**Exercise aim:** Repeat the entries exactly as they stand.

****************

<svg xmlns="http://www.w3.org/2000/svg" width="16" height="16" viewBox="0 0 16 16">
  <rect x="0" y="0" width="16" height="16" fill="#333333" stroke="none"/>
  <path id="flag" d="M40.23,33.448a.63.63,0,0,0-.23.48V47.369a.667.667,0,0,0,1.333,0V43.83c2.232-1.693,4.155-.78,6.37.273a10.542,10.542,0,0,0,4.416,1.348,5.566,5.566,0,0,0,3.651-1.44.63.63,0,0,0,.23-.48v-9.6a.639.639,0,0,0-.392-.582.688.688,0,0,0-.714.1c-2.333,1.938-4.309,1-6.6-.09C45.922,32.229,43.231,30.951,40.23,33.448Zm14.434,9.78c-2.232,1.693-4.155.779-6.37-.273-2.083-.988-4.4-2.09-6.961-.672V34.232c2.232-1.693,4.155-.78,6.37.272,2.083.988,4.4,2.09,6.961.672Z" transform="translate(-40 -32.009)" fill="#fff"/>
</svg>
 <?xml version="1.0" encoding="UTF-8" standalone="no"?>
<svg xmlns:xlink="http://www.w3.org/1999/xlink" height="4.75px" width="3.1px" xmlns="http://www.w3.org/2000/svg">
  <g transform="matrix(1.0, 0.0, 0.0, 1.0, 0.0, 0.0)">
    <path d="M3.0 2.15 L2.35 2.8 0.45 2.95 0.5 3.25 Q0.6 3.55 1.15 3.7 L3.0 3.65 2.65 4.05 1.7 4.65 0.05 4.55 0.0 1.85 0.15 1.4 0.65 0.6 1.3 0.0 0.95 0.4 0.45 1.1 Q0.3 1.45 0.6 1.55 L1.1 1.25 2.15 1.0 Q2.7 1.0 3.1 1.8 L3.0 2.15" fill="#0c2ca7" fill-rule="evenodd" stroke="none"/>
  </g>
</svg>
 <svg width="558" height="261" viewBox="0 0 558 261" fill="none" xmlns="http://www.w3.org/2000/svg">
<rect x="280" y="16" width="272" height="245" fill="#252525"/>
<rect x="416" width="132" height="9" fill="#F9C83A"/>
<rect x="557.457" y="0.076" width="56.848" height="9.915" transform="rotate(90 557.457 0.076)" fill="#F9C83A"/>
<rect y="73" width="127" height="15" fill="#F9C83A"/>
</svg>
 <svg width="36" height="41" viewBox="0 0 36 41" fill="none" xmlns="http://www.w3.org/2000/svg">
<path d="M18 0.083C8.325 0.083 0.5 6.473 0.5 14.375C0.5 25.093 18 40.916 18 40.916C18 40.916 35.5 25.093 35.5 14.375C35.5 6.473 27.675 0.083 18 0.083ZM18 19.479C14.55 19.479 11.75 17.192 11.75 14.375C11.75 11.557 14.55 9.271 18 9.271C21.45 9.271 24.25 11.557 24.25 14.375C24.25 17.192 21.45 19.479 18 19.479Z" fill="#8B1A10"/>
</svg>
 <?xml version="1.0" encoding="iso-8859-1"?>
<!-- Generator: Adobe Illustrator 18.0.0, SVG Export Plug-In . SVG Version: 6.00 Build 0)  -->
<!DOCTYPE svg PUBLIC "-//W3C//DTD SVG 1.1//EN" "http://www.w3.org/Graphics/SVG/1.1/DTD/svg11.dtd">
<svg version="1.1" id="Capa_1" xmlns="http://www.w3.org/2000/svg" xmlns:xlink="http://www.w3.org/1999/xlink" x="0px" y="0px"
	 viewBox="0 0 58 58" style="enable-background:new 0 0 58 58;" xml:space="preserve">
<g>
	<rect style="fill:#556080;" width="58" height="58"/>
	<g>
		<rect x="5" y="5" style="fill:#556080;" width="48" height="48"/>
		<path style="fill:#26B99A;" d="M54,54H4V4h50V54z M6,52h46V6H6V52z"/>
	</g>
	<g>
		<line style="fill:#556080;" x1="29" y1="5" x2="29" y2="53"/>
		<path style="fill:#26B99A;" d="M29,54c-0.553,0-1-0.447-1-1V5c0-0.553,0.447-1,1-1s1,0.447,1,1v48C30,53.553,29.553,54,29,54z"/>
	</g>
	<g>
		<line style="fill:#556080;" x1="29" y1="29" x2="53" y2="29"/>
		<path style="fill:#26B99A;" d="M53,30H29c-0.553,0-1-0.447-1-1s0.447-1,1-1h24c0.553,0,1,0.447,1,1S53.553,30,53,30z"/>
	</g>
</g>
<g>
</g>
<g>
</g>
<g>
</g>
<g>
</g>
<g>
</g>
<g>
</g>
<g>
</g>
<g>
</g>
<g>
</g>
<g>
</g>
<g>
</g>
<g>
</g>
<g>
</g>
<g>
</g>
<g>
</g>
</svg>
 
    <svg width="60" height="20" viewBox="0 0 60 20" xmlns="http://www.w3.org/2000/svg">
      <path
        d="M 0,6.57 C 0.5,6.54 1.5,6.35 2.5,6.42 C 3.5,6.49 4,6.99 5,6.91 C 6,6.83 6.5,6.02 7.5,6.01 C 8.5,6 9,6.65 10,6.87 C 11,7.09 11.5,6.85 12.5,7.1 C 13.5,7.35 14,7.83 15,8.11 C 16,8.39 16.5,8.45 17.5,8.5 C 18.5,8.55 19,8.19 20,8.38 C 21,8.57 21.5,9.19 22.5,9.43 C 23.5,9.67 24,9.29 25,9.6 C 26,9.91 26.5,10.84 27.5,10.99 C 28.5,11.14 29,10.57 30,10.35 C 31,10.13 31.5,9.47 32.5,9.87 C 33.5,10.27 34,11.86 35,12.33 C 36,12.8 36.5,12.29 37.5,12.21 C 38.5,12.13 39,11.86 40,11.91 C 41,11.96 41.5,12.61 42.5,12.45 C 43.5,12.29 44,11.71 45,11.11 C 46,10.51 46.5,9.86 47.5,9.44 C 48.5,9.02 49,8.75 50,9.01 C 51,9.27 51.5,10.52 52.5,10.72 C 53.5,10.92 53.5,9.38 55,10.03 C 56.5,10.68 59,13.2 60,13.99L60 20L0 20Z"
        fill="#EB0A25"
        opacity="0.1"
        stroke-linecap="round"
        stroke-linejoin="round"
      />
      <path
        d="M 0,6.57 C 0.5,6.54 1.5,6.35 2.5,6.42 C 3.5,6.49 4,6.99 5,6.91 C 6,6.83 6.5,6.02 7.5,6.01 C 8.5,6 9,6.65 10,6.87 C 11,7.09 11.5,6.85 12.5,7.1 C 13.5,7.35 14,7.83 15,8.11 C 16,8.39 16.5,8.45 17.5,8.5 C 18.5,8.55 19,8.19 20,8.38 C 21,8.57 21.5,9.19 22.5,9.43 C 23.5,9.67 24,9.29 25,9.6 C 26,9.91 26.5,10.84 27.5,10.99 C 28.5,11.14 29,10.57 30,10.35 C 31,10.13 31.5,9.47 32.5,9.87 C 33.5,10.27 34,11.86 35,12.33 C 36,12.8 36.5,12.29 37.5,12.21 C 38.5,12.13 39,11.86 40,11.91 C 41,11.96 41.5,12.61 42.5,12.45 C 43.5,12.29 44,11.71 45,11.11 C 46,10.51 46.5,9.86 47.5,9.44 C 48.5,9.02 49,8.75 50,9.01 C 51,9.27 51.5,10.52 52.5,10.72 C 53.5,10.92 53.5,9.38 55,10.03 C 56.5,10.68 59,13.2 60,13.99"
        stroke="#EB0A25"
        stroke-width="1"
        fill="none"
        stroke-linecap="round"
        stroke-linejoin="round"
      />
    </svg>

****************

**Answer to this task:**
<svg xmlns="http://www.w3.org/2000/svg" width="16" height="16" viewBox="0 0 16 16">
  <rect x="0" y="0" width="16" height="16" fill="#333333" stroke="none"/>
  <path id="flag" d="M40.23,33.448a.63.63,0,0,0-.23.48V47.369a.667.667,0,0,0,1.333,0V43.83c2.232-1.693,4.155-.78,6.37.273a10.542,10.542,0,0,0,4.416,1.348,5.566,5.566,0,0,0,3.651-1.44.63.63,0,0,0,.23-.48v-9.6a.639.639,0,0,0-.392-.582.688.688,0,0,0-.714.1c-2.333,1.938-4.309,1-6.6-.09C45.922,32.229,43.231,30.951,40.23,33.448Zm14.434,9.78c-2.232,1.693-4.155.779-6.37-.273-2.083-.988-4.4-2.09-6.961-.672V34.232c2.232-1.693,4.155-.78,6.37.272,2.083.988,4.4,2.09,6.961.672Z" transform="translate(-40 -32.009)" fill="#fff"/>
</svg>
 <?xml version="1.0" encoding="UTF-8" standalone="no"?>
<svg xmlns:xlink="http://www.w3.org/1999/xlink" height="4.75px" width="3.1px" xmlns="http://www.w3.org/2000/svg">
  <g transform="matrix(1.0, 0.0, 0.0, 1.0, 0.0, 0.0)">
    <path d="M3.0 2.15 L2.35 2.8 0.45 2.95 0.5 3.25 Q0.6 3.55 1.15 3.7 L3.0 3.65 2.65 4.05 1.7 4.65 0.05 4.55 0.0 1.85 0.15 1.4 0.65 0.6 1.3 0.0 0.95 0.4 0.45 1.1 Q0.3 1.45 0.6 1.55 L1.1 1.25 2.15 1.0 Q2.7 1.0 3.1 1.8 L3.0 2.15" fill="#0c2ca7" fill-rule="evenodd" stroke="none"/>
  </g>
</svg>
 <svg width="558" height="261" viewBox="0 0 558 261" fill="none" xmlns="http://www.w3.org/2000/svg">
<rect x="280" y="16" width="272" height="245" fill="#252525"/>
<rect x="416" width="132" height="9" fill="#F9C83A"/>
<rect x="557.457" y="0.076" width="56.848" height="9.915" transform="rotate(90 557.457 0.076)" fill="#F9C83A"/>
<rect y="73" width="127" height="15" fill="#F9C83A"/>
</svg>
 <svg width="36" height="41" viewBox="0 0 36 41" fill="none" xmlns="http://www.w3.org/2000/svg">
<path d="M18 0.083C8.325 0.083 0.5 6.473 0.5 14.375C0.5 25.093 18 40.916 18 40.916C18 40.916 35.5 25.093 35.5 14.375C35.5 6.473 27.675 0.083 18 0.083ZM18 19.479C14.55 19.479 11.75 17.192 11.75 14.375C11.75 11.557 14.55 9.271 18 9.271C21.45 9.271 24.25 11.557 24.25 14.375C24.25 17.192 21.45 19.479 18 19.479Z" fill="#8B1A10"/>
</svg>
 <?xml version="1.0" encoding="iso-8859-1"?>
<!-- Generator: Adobe Illustrator 18.0.0, SVG Export Plug-In . SVG Version: 6.00 Build 0)  -->
<!DOCTYPE svg PUBLIC "-//W3C//DTD SVG 1.1//EN" "http://www.w3.org/Graphics/SVG/1.1/DTD/svg11.dtd">
<svg version="1.1" id="Capa_1" xmlns="http://www.w3.org/2000/svg" xmlns:xlink="http://www.w3.org/1999/xlink" x="0px" y="0px"
	 viewBox="0 0 58 58" style="enable-background:new 0 0 58 58;" xml:space="preserve">
<g>
	<rect style="fill:#556080;" width="58" height="58"/>
	<g>
		<rect x="5" y="5" style="fill:#556080;" width="48" height="48"/>
		<path style="fill:#26B99A;" d="M54,54H4V4h50V54z M6,52h46V6H6V52z"/>
	</g>
	<g>
		<line style="fill:#556080;" x1="29" y1="5" x2="29" y2="53"/>
		<path style="fill:#26B99A;" d="M29,54c-0.553,0-1-0.447-1-1V5c0-0.553,0.447-1,1-1s1,0.447,1,1v48C30,53.553,29.553,54,29,54z"/>
	</g>
	<g>
		<line style="fill:#556080;" x1="29" y1="29" x2="53" y2="29"/>
		<path style="fill:#26B99A;" d="M53,30H29c-0.553,0-1-0.447-1-1s0.447-1,1-1h24c0.553,0,1,0.447,1,1S53.553,30,53,30z"/>
	</g>
</g>
<g>
</g>
<g>
</g>
<g>
</g>
<g>
</g>
<g>
</g>
<g>
</g>
<g>
</g>
<g>
</g>
<g>
</g>
<g>
</g>
<g>
</g>
<g>
</g>
<g>
</g>
<g>
</g>
<g>
</g>
</svg>
 
    <svg width="60" height="20" viewBox="0 0 60 20" xmlns="http://www.w3.org/2000/svg">
      <path
        d="M 0,6.57 C 0.5,6.54 1.5,6.35 2.5,6.42 C 3.5,6.49 4,6.99 5,6.91 C 6,6.83 6.5,6.02 7.5,6.01 C 8.5,6 9,6.65 10,6.87 C 11,7.09 11.5,6.85 12.5,7.1 C 13.5,7.35 14,7.83 15,8.11 C 16,8.39 16.5,8.45 17.5,8.5 C 18.5,8.55 19,8.19 20,8.38 C 21,8.57 21.5,9.19 22.5,9.43 C 23.5,9.67 24,9.29 25,9.6 C 26,9.91 26.5,10.84 27.5,10.99 C 28.5,11.14 29,10.57 30,10.35 C 31,10.13 31.5,9.47 32.5,9.87 C 33.5,10.27 34,11.86 35,12.33 C 36,12.8 36.5,12.29 37.5,12.21 C 38.5,12.13 39,11.86 40,11.91 C 41,11.96 41.5,12.61 42.5,12.45 C 43.5,12.29 44,11.71 45,11.11 C 46,10.51 46.5,9.86 47.5,9.44 C 48.5,9.02 49,8.75 50,9.01 C 51,9.27 51.5,10.52 52.5,10.72 C 53.5,10.92 53.5,9.38 55,10.03 C 56.5,10.68 59,13.2 60,13.99L60 20L0 20Z"
        fill="#EB0A25"
        opacity="0.1"
        stroke-linecap="round"
        stroke-linejoin="round"
      />
      <path
        d="M 0,6.57 C 0.5,6.54 1.5,6.35 2.5,6.42 C 3.5,6.49 4,6.99 5,6.91 C 6,6.83 6.5,6.02 7.5,6.01 C 8.5,6 9,6.65 10,6.87 C 11,7.09 11.5,6.85 12.5,7.1 C 13.5,7.35 14,7.83 15,8.11 C 16,8.39 16.5,8.45 17.5,8.5 C 18.5,8.55 19,8.19 20,8.38 C 21,8.57 21.5,9.19 22.5,9.43 C 23.5,9.67 24,9.29 25,9.6 C 26,9.91 26.5,10.84 27.5,10.99 C 28.5,11.14 29,10.57 30,10.35 C 31,10.13 31.5,9.47 32.5,9.87 C 33.5,10.27 34,11.86 35,12.33 C 36,12.8 36.5,12.29 37.5,12.21 C 38.5,12.13 39,11.86 40,11.91 C 41,11.96 41.5,12.61 42.5,12.45 C 43.5,12.29 44,11.71 45,11.11 C 46,10.51 46.5,9.86 47.5,9.44 C 48.5,9.02 49,8.75 50,9.01 C 51,9.27 51.5,10.52 52.5,10.72 C 53.5,10.92 53.5,9.38 55,10.03 C 56.5,10.68 59,13.2 60,13.99"
        stroke="#EB0A25"
        stroke-width="1"
        fill="none"
        stroke-linecap="round"
        stroke-linejoin="round"
      />
    </svg>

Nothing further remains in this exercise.